Each point in the plot corresponds to a different threshold. Threshold equal to 0 implies that the recall is 1, whereas threshold equal to 1 implies that the recall is 0.

With the precision-recall curve, **the closer it is to the top-right corner**, the better the algorithm. And hence a larger area under the curve (AUC) indicates that the algorithm has higher recall and higher precision.


#### Question
Where  would be an **ideal classifier**?

In [None]:
from sklearn.metrics import precision_recall_curve

lr_precision, lr_recall, lr_thresholds = precision_recall_curve(y_test, y_scores_lr)

plt.figure()
plt.xlim([0.0, 1.01])
plt.ylim([0.0, 1.01])
plt.plot(lr_recall, lr_precision, label='Precision-Recall Curve')
plt.xlabel('Recall', fontsize=16)
plt.ylabel('Precision', fontsize=16)
plt.axes().set_aspect('equal')
plt.show()

### Exercise:
Copmare precision-recall curves for three models: Logistic Regression K-Nearest Neighbors and SVM with linear kernel classifier. Which one is better?

In [None]:
from sklearn.metrics import precision_recall_curve
from sklearn.neighbors import KNeighborsClassifier

lr = LogisticRegression()
y_scores_lr = lr.fit(X_train, y_train).decision_function(X_test)

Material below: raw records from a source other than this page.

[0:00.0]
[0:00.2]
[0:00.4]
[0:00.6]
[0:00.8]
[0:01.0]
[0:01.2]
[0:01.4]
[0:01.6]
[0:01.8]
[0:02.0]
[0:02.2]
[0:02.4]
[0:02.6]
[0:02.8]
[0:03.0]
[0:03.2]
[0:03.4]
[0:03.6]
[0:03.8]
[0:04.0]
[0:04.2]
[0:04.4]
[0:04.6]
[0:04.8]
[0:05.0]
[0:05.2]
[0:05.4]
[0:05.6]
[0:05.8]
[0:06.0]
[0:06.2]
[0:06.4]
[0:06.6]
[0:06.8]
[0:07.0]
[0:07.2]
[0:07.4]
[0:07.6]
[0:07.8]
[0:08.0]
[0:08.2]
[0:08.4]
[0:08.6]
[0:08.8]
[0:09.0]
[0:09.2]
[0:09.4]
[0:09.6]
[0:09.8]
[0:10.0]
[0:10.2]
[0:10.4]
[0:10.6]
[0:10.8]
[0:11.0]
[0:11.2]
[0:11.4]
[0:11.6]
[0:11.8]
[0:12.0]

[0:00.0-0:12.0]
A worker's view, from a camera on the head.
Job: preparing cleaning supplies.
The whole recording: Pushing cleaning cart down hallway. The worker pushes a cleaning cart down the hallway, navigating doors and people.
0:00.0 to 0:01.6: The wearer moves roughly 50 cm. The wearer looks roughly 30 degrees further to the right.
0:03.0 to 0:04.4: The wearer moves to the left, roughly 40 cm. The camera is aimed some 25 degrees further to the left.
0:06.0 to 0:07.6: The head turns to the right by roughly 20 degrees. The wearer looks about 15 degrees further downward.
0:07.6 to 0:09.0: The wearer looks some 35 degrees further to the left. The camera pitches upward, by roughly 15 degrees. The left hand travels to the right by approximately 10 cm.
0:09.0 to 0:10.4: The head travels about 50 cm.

knn = KNeighborsClassifier(n_neighbors = 10)
y_proba_knn = knn.fit(X_train, y_train).predict_proba(X_test)

lsvm = SVC(kernel='linear', C=1).fit(X_train, y_train)
# y_scores_lsvm = ...


# lr_precision, lr_recall, lr_thresholds = ...
# knn_precision, knn_recall, knn_thresholds = ...
# lsvm_precision, lsvm_recall, lsvm_thresholds = ...


plt.figure()
plt.xlim([0.0, 1.01])
plt.ylim([0.0, 1.01])
# plt.plot(... , ..., lw=1,  label='LogReg: Precision-Recall Curve', color='red')
# plt.plot(..., ..., lw=1, label='KNeighbors: Precision-Recall Curve', color='blue')
# plt.plot(..., ..., lw=1, label='SVM: Precision-Recall Curve', color='green')
plt.xlabel('Recall', fontsize=16)
plt.ylabel('Precision', fontsize=16)
plt.legend(loc='lower left', fontsize=10)
plt.axes().set_aspect('equal')
plt.show()

## ROC curve:  Receiver Operating Characteristic curve


ROC curves or Receiver Operating Characteristic curves **illustrate the performance of a binary classifier**. 
It is created by plotting the true positive rate (TPR) (or recall) against the false positive rate (FPR).

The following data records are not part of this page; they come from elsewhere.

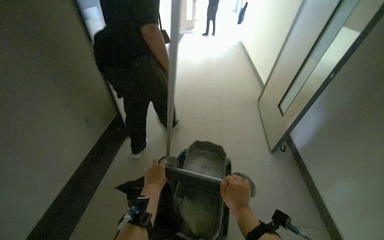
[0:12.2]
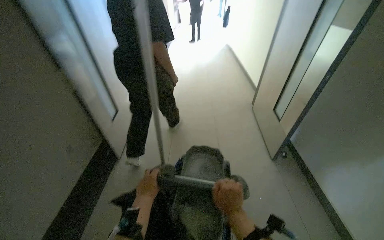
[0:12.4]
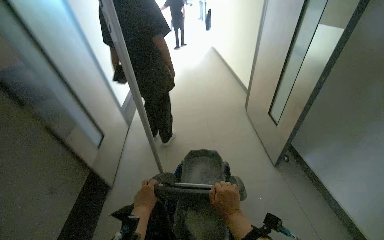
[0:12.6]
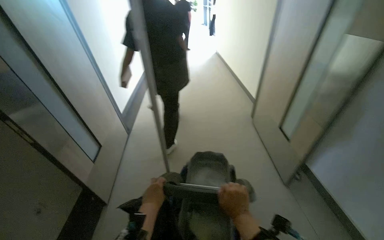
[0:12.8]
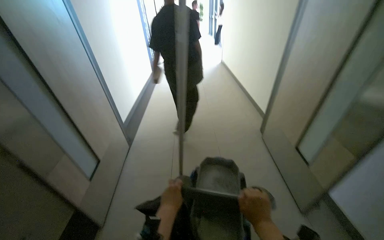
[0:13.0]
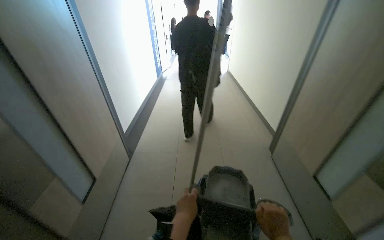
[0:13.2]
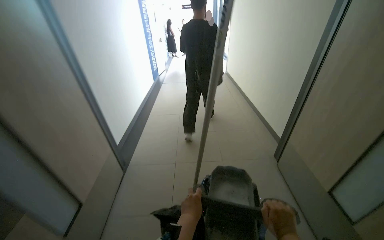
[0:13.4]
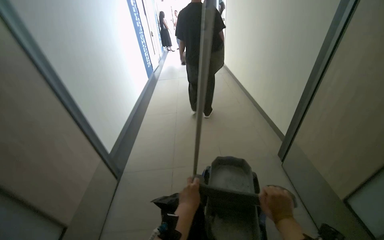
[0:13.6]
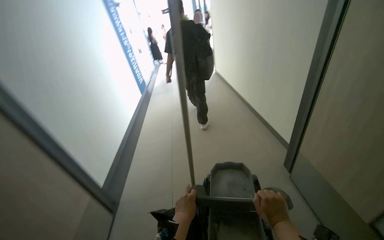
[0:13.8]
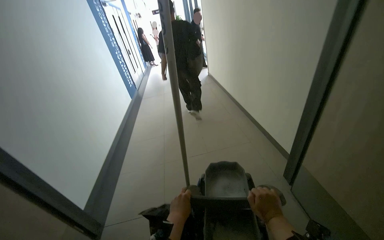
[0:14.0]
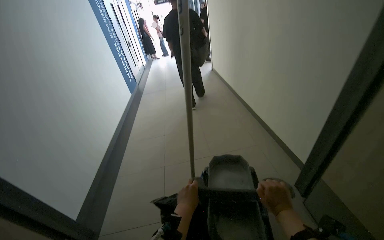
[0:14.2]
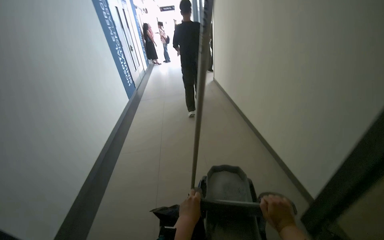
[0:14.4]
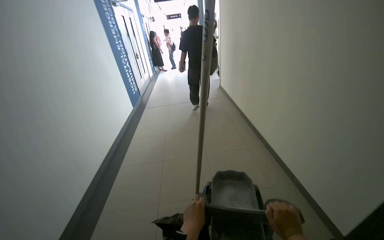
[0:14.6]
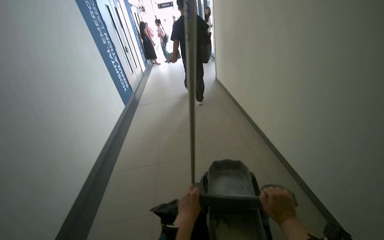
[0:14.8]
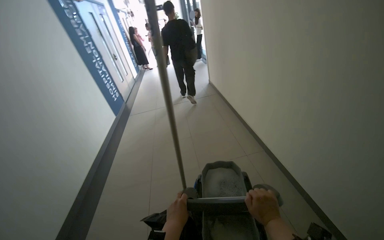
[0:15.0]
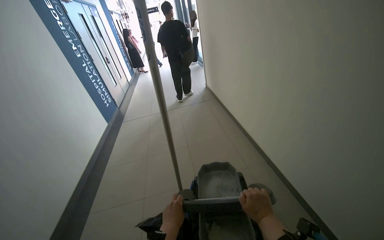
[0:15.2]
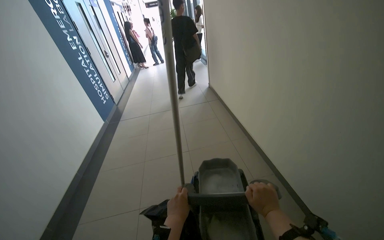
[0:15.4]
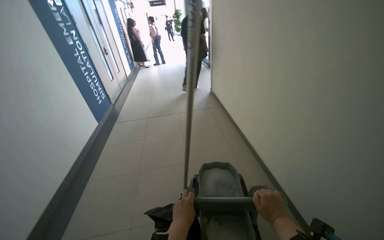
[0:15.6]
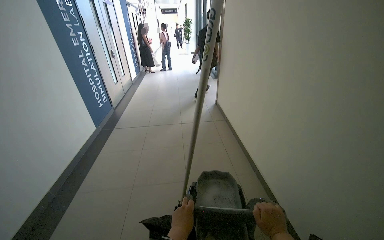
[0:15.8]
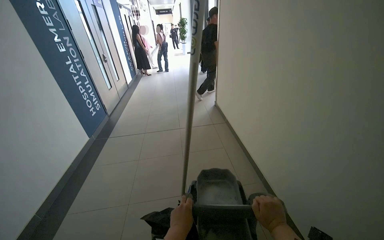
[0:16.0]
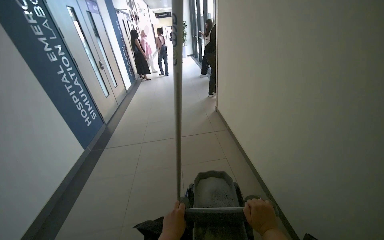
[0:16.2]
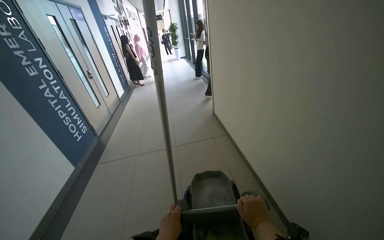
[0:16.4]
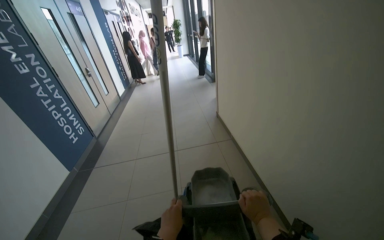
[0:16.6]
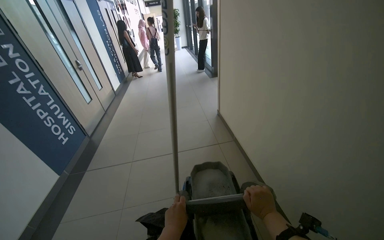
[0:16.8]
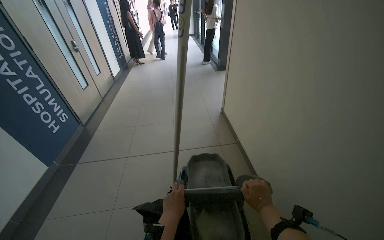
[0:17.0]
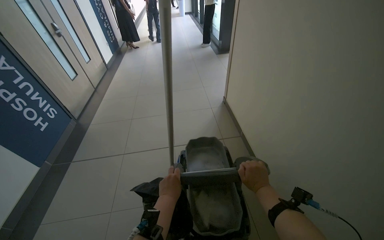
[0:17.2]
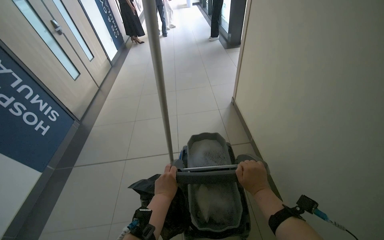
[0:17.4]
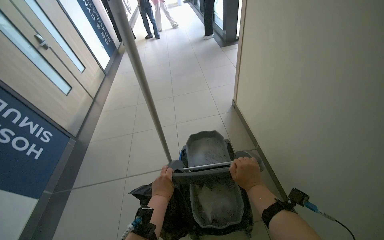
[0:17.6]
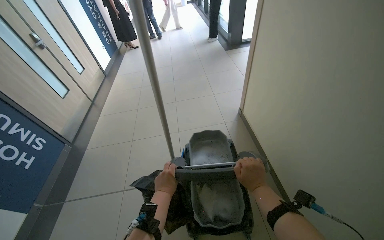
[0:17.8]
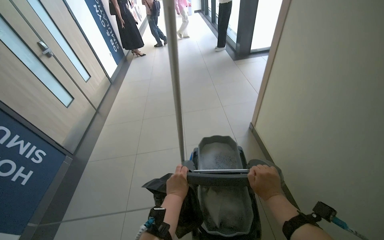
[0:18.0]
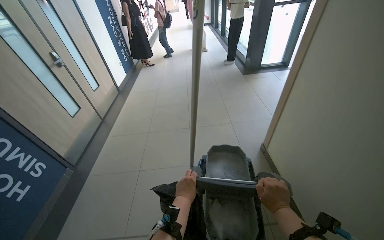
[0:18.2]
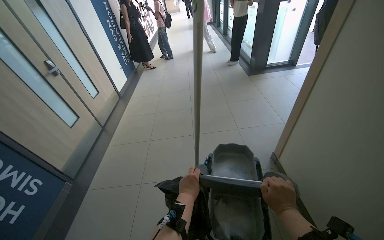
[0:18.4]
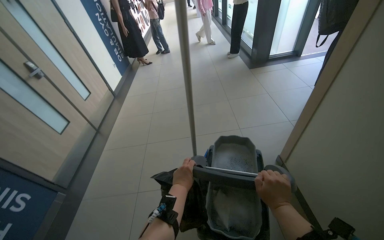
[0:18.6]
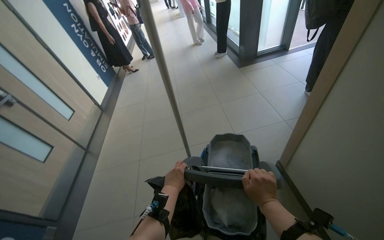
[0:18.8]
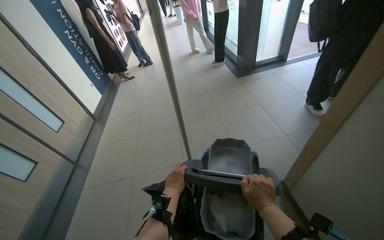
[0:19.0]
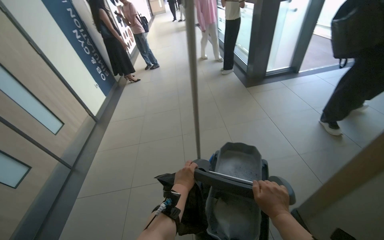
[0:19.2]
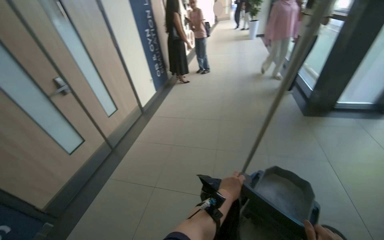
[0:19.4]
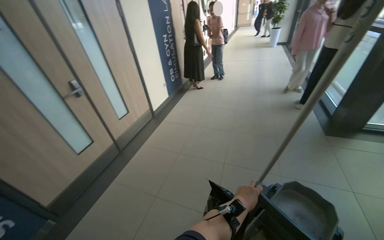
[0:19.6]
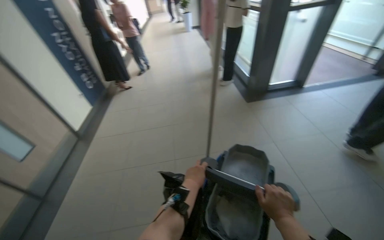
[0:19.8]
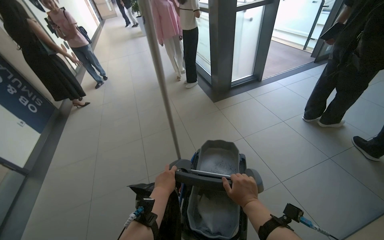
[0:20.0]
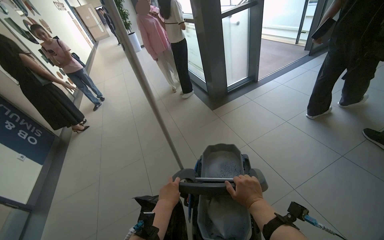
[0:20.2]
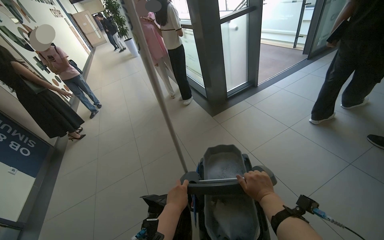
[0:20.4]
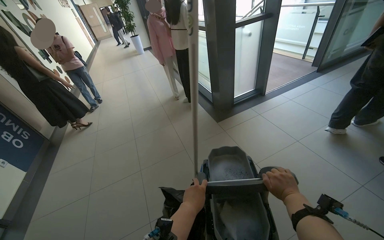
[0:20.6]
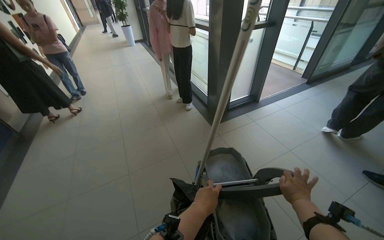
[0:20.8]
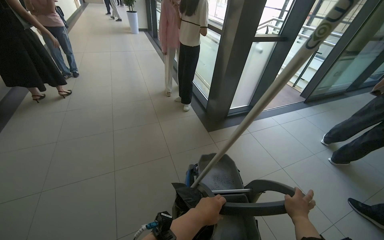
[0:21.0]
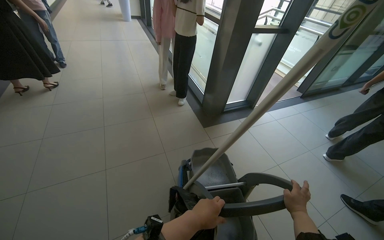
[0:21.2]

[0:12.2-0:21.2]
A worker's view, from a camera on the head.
Job: preparing cleaning supplies.
The whole recording: Pushing cleaning cart down hallway. The worker pushes a cleaning cart down the hallway, navigating doors and people.
0:12.2 to 0:13.8: The wearer moves some 80 cm.
0:16.6 to 0:18.2: The head travels approximately 1.5 m.
0:18.2 to 0:19.8: The camera is carried about 1 m.
0:19.8 to 0:21.2: The camera is aimed about 25 degrees further to the right. The right hand travels farther from the camera by about 15 cm.

ROC curves on the **X-axis** show a classifier's **False Positive Rate** so that would go from 0 to 1.0, and on the **Y-axis** they show a classifier's **True Positive Rate** so that will also go from 0 to 1.0.

ROC curves are very help with understanding the balance between true-positive rate and false positive rate.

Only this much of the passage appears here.